Perhaps most crucial here for those who are interested in both Rhetoric and Performance is that Burke’s writing during this period highlights that the symbolic “becomes lifeless” if we extract it from “warm and breathing bodies,” however painful these bodies are (129). During this period, Burke’s own pain-wracked body enhanced his theories of the non-symbolic motion/symbolic action pair, which are locked in an eternal dance of a “heightened awareness” of the body’s role in “writing, speaking, breathing, and thinking” (129). Or rather, to connect the Burkean mind/body fusion more substantively to this period, it is not that Burke could let go of this fusion, but that “the connection would not let go of Burke” (130). What we get then is a bodily performance of theory, a theory that emerges through what Burke termed the “gulpo-gaggo-gaspo” sessions that heralded his severe respiratory troubles. The following, I think, illustrates this performance quite succinctly. In a letter to Malcolm Cowley, Burke, after theorizing the symbolic, performs his pain in its language:
All this has been written, while I squirm and gasp, nearly below the surface of the mud, at one moment my legs heavy; at another, pains in my left arm: again and again and again, my lungs only half as ample as they should be and then, lo! Ecstatically, a full breath incipit vita nova. O, on the edge of the abyss. O, by the seashore at night, the waves ripping. (I think of me in the south, like a sin, when I should be in the North, in winter.) O, jukebox tunes, made cosmic, by being heard thus, at the jumping-off place. (qtd. in Hawhee 132).
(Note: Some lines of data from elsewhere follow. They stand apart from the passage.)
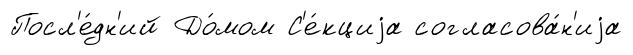
Посл'е́дн'ий До́мом С'е́кциjа согласова́н'иjа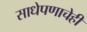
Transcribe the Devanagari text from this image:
साधेपणाचेही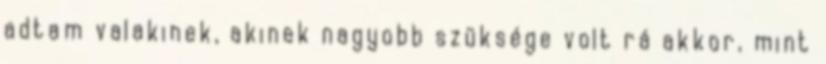
adtam valakinek, akinek nagyobb szüksége volt rá akkor, mint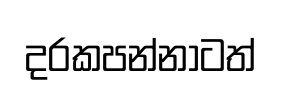
දරකපන්නාටත්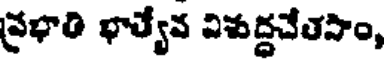
ప్రభాతి భాత్యేవ విశుద్ధచేతసాం,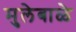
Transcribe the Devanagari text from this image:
मुलेबाळे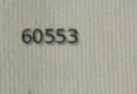
60553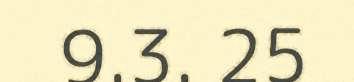
9.3. 25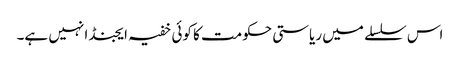
اس سلسلے میں ریاستی حکومت کا کوئی خفیہ ایجنڈا نہیں ہے۔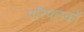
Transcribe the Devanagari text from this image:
परिपलकों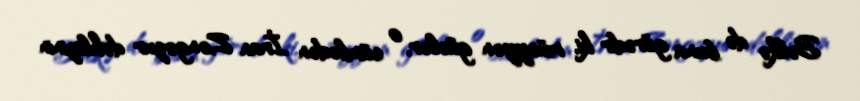
Bəlkə də buna görədir ki, müəyyən güclər, o cümlədən İran Zəngəzur dəhlizinin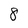
Character: 8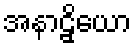
အနာဠှိယော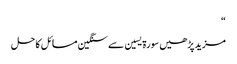
“
مزید پڑھیں سورۃ یسین سے سنگین مسائل کا حل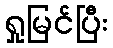
ရှုမြင်ပြီး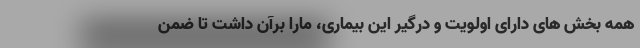
همه بخش های دارای اولویت و درگیر این بیماری، مارا برآن داشت تا ضمن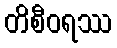
တိစီဝရဿ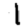
Digit: 1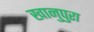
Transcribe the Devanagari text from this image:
खानुपुरा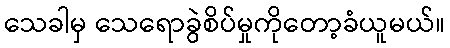
သေခါမှ သေရောခွဲစိပ်မှုကိုတော့ခံယူမယ်။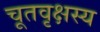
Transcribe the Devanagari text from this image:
चूतवृक्षस्य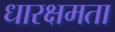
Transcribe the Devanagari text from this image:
धारक्षमता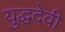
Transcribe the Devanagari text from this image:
युद्धदेवी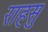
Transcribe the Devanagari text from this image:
राहसु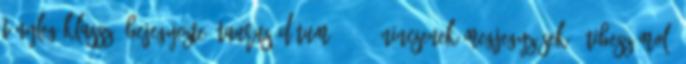
tényleg klassz. Bejegyezte: Taurus dátum: 20:18 Nincsenek megjegyzések: Útibeszámoló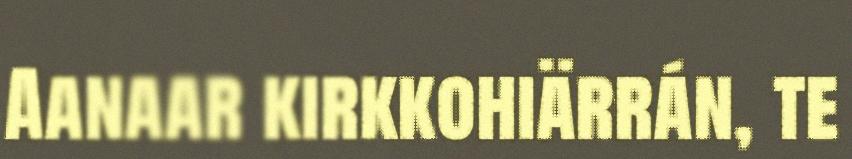
Aanaar kirkkohiärrán, te

Although Moving Bodies assumes that readers will have ample knowledge of Burke’s work, Hawhee’s engaging prose does much to make up for less-than-comprehensive descriptions of his theory. Moreover, the book goes where few bodies have been, by way of largely un-navigated Burkean texts: letters, footnotes, and Burke’s incursion into writing about drugs. Its biographical detail offers a very material way into Burkean theory, breathing new life and insight into the more heavily traversed texts. But most importantly, for those interested in the intersection of Rhetoric and Performance, it reminds us why we are there: Hawhee’s focus on Burke’s trans-disciplinarity resembles Rhetoric and Performance’s foray into all walks of social life that places acting and “doing” bodies at the forefront of the conversation about the transformative capacity of bodies in art, technology, science, and even in sickness and dying. In that way, Hawhee pulls Burke out of theory land and to a place where so many of us might employ his theories in very material ways.
Burke, Kenneth. A Rhetoric of Motives. Berkley: UC Press, 1969. Print.
Olbrys Gencarella, Stephen and Phaedra C. Pezzullo, Eds. Readings on Rhetoric and Performance. Pennsylvania: Strata Publishing, 2010. Print.